This task calls for copying each line below that contains "height".

────────────────────────────────────────

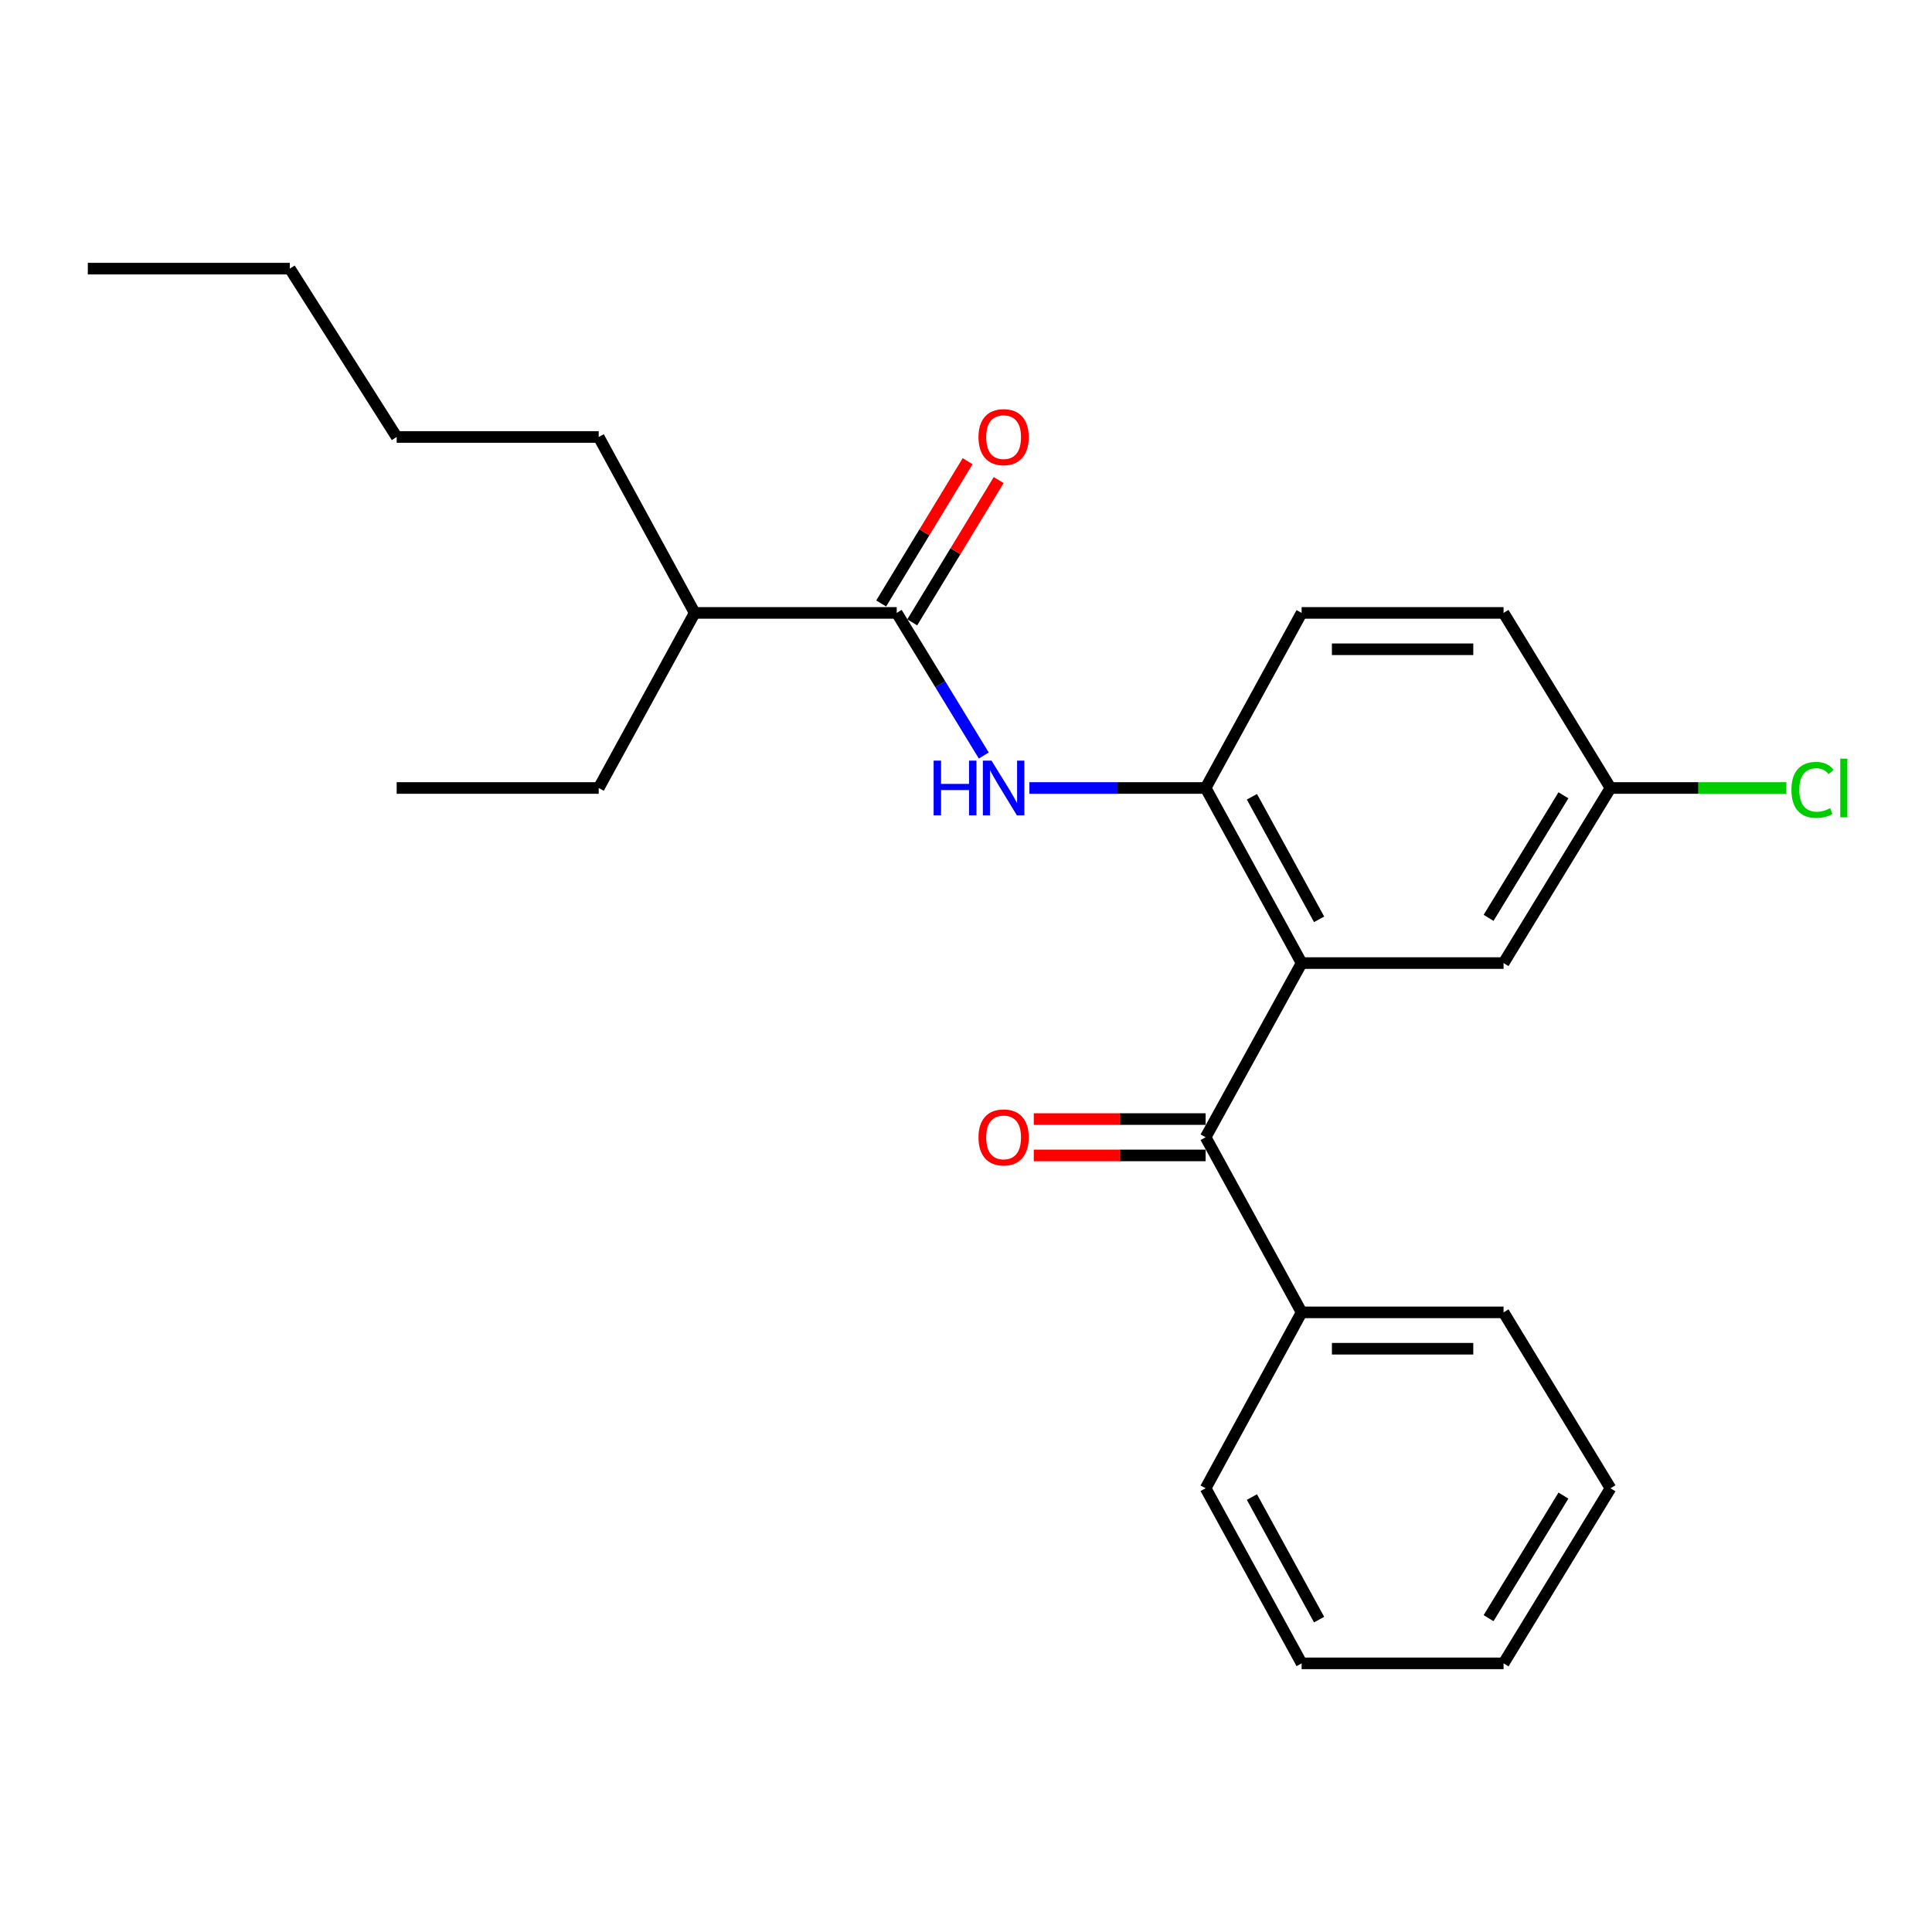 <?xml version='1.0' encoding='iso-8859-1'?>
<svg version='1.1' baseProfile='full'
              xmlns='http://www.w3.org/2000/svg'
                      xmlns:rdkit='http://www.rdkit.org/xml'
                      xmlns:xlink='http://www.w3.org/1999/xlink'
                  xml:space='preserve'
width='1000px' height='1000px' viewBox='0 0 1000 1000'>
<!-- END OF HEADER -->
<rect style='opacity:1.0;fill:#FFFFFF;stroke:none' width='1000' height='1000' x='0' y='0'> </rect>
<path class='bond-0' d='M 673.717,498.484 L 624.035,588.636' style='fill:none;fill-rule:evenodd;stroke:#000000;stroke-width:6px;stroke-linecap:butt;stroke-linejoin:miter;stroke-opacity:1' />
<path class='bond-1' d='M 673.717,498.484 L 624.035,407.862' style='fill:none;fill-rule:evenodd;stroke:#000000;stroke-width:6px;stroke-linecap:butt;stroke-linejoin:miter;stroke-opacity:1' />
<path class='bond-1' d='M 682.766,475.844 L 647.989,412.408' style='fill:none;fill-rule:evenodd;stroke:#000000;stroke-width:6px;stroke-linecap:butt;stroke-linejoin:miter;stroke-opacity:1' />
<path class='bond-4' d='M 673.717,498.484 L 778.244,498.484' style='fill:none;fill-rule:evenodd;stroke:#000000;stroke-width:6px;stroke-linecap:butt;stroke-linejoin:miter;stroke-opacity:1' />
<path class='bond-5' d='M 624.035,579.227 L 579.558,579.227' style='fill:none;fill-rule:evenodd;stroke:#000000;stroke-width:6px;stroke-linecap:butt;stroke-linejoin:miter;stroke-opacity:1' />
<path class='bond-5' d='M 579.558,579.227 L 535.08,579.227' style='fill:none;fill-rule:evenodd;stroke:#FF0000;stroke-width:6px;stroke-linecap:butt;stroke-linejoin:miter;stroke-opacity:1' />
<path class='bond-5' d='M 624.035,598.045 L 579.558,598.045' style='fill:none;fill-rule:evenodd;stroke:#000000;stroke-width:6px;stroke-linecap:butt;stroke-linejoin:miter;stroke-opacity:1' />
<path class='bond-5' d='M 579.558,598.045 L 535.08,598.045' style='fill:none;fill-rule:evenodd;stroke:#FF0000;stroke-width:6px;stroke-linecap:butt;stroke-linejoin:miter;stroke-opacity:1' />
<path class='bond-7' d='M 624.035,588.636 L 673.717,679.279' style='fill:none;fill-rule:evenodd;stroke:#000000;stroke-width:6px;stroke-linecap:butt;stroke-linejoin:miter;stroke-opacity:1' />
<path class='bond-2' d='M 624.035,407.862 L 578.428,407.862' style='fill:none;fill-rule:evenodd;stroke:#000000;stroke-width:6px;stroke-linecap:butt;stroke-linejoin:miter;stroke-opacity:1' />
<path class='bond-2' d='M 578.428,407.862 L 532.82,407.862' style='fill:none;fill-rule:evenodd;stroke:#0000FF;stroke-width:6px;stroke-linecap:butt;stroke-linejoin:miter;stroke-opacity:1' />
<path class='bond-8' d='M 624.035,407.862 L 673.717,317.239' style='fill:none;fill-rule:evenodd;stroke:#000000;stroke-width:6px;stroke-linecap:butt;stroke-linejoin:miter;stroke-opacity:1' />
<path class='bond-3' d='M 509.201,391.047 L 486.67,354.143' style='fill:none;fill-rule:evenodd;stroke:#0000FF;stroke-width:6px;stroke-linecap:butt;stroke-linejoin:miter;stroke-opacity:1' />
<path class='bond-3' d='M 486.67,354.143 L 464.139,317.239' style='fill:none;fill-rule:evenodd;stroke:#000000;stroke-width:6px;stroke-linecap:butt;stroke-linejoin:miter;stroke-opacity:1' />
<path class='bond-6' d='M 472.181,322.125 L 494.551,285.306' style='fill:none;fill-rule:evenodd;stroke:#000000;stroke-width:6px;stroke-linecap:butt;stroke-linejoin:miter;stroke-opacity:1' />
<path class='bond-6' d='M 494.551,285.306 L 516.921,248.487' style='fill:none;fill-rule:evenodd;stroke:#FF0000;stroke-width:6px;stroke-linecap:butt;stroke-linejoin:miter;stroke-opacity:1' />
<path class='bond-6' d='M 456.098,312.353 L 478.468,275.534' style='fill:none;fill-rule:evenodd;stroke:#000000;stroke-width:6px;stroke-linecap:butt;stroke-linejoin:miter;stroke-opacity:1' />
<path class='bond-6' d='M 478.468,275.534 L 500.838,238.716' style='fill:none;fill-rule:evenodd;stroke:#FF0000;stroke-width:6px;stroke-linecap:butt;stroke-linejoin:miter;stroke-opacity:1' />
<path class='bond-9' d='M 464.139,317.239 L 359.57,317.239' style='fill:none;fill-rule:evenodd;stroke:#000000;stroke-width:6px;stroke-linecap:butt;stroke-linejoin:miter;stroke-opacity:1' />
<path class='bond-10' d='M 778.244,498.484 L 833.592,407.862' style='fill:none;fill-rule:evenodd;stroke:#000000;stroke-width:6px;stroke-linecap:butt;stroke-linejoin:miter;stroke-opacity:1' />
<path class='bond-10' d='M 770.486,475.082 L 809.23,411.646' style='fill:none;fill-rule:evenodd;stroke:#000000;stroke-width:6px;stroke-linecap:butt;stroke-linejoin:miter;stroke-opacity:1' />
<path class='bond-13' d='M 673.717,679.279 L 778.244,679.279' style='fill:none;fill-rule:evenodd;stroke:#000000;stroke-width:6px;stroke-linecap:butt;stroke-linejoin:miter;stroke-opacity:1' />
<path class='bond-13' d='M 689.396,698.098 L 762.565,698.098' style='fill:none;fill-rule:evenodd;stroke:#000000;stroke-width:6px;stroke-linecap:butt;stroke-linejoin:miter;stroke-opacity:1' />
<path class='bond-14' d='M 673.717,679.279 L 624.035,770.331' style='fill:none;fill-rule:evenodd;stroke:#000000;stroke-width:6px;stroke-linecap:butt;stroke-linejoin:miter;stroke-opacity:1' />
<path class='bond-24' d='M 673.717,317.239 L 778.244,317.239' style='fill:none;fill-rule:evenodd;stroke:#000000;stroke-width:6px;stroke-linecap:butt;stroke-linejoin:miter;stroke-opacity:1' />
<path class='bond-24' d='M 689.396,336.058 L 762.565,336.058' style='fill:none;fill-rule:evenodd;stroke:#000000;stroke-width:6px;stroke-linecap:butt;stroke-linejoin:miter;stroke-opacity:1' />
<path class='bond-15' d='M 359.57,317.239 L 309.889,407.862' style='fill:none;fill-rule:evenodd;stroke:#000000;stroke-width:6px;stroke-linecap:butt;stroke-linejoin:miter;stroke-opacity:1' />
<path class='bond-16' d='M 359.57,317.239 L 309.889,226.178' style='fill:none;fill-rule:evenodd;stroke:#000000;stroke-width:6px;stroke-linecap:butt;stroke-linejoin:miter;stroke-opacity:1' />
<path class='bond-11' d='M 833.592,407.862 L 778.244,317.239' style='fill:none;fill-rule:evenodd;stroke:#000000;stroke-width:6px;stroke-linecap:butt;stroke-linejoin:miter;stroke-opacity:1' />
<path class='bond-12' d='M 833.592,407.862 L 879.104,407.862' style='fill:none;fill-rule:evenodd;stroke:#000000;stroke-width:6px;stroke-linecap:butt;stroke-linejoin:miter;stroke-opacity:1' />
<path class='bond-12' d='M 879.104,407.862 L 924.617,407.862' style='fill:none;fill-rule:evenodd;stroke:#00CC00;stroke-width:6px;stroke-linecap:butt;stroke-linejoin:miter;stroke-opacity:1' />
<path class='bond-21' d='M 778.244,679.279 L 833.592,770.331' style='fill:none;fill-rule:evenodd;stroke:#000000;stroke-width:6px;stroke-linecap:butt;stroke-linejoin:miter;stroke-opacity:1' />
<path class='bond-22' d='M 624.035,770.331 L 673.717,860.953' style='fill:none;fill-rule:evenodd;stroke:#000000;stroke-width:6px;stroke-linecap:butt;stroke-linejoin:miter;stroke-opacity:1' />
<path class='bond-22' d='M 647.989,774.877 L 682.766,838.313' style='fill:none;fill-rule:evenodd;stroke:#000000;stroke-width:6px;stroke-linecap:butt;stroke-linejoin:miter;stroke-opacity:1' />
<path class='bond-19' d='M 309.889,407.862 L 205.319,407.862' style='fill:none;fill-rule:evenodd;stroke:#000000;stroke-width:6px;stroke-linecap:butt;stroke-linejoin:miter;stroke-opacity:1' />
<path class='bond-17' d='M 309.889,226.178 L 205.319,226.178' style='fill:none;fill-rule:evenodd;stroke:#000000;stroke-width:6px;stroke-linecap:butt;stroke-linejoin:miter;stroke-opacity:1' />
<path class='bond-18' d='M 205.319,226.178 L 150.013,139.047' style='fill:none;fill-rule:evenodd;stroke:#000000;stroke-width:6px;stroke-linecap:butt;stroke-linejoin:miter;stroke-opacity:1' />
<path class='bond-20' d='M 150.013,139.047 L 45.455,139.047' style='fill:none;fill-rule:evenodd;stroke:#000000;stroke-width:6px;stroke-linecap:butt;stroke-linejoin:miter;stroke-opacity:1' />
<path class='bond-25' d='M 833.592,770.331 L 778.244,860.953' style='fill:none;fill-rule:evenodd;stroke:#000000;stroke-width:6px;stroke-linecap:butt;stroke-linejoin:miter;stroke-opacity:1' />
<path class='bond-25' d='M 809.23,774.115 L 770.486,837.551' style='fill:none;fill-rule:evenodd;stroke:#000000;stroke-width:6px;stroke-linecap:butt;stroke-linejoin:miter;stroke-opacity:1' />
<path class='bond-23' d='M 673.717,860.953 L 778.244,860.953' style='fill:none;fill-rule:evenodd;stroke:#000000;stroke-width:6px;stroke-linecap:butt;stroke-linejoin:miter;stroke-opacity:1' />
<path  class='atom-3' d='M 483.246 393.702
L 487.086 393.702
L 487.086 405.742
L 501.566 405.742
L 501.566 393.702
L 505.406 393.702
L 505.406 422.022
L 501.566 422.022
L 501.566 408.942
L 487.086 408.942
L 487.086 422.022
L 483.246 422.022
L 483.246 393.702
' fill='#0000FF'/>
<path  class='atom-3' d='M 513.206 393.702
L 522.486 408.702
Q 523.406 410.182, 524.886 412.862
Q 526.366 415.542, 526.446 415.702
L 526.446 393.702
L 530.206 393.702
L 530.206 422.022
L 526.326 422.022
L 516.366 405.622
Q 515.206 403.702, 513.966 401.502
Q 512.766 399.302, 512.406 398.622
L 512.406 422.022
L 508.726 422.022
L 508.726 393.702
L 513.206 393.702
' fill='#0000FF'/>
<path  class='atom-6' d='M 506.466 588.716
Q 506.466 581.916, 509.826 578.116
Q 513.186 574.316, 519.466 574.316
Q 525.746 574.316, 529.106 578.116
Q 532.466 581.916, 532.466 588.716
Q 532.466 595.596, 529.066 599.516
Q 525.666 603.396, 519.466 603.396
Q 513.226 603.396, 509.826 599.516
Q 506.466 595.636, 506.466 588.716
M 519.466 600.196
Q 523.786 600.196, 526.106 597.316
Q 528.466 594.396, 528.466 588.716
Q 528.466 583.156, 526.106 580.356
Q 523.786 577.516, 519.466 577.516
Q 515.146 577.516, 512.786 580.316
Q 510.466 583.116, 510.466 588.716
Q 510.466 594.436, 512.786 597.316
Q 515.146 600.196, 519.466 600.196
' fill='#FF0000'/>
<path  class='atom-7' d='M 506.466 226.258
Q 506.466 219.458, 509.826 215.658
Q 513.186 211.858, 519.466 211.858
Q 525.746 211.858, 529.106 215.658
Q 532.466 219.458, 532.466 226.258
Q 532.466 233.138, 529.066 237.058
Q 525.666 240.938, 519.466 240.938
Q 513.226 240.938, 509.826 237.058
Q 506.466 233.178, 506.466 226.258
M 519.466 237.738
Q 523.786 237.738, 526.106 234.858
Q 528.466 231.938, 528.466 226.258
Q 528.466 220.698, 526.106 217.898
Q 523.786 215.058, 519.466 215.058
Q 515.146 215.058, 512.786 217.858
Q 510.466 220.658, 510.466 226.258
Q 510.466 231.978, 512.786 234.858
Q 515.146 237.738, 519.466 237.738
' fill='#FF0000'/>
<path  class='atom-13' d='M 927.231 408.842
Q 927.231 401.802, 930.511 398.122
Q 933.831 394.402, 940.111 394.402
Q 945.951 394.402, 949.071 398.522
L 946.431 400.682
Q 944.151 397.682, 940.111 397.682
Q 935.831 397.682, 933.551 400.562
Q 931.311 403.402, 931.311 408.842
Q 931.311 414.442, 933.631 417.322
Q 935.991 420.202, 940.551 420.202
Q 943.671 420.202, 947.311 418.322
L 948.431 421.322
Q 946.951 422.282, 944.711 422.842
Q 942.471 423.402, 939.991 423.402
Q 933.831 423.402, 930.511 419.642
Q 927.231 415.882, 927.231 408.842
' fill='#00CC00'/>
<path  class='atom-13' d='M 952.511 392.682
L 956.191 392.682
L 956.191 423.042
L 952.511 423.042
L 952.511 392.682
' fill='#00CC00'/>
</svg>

────────────────────────────────────────

## RESULT FOR THIS TASK:
width='1000px' height='1000px' viewBox='0 0 1000 1000'>
<rect style='opacity:1.0;fill:#FFFFFF;stroke:none' width='1000' height='1000' x='0' y='0'> </rect>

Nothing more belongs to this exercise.